Research

Materials Science and Engineering at MIT (PDF)
The Scientific Data Flood: A Case Study of "How Much Information?"

Stuart Madnick, John Norris Maguire Professor of Information Technology, MIT Sloan School of Management & Professor of Engineering Systems, MIT School of Engineering

MacKenzie Smith, Associate Director of Technology, MIT Libraries

Kate Clopeck, Masters of Science, Technology and Policy Program, MIT

June 2009

Abstract:
This case study gives examples of how data is created and stored by material scientists and engineers at MIT. The amount of data depends on specific research goals and the tools, experimental techniques, and computational methods employed by the individual researcher. Both simulation and experiments are used, with the simulations producing more data in the cases reported here.
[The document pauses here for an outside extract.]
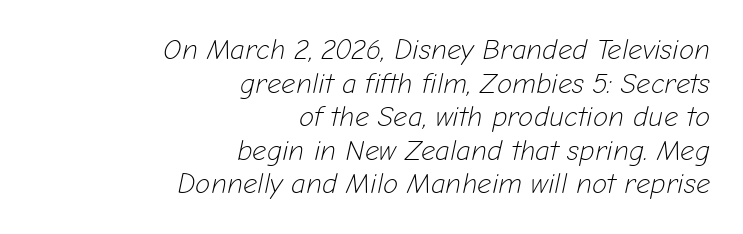
{"italic": "yes", "lean": "right", "slant_degrees": 12, "bold": "no", "weight": "light", "width": "normal", "stroke_contrast": "low", "x_height": "medium", "monospaced": "no", "underline": "no", "align": "right", "line_spacing_ratio": 1.2, "letter_spacing": "normal", "letter_spacing_em": 0.0, "glyph_px": 28}
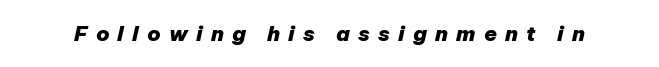
{"italic": "yes", "lean": "right", "slant_degrees": 12, "bold": "yes", "underline": "no", "letter_spacing": "wide", "letter_spacing_em": 0.39, "glyph_px": 21}
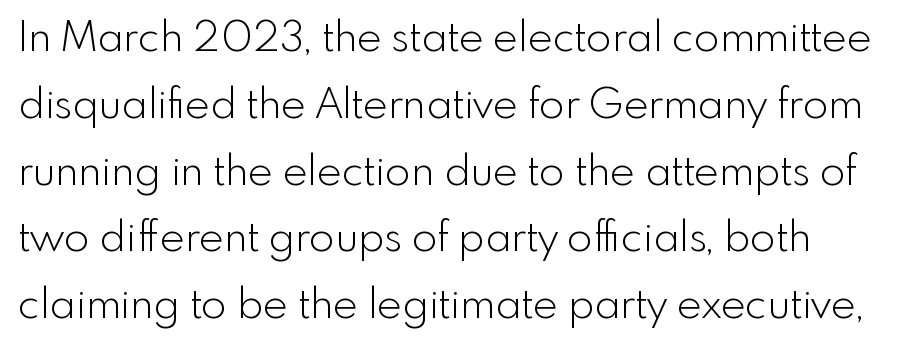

The ratio between computation and data production varies widely. For example, a hundred million-atom simulation might produce only a few kilobytes of data. However, if the researcher wants to track the system at every time step, a much “smaller” simulation (fewer atoms) could generate petabytes of data. Data is retained very differently in different labs. For example, in one lab, research data is stored on the students’ and postdocs’ personal computers, with each person in charge of the data they generate. The first author listed on the final publication is responsible for backing up the data onto a CD or portable hard drive at the time of publication. Each year, the faculty member assigns one of her students to purge old data. Other papers examine other labs at MIT.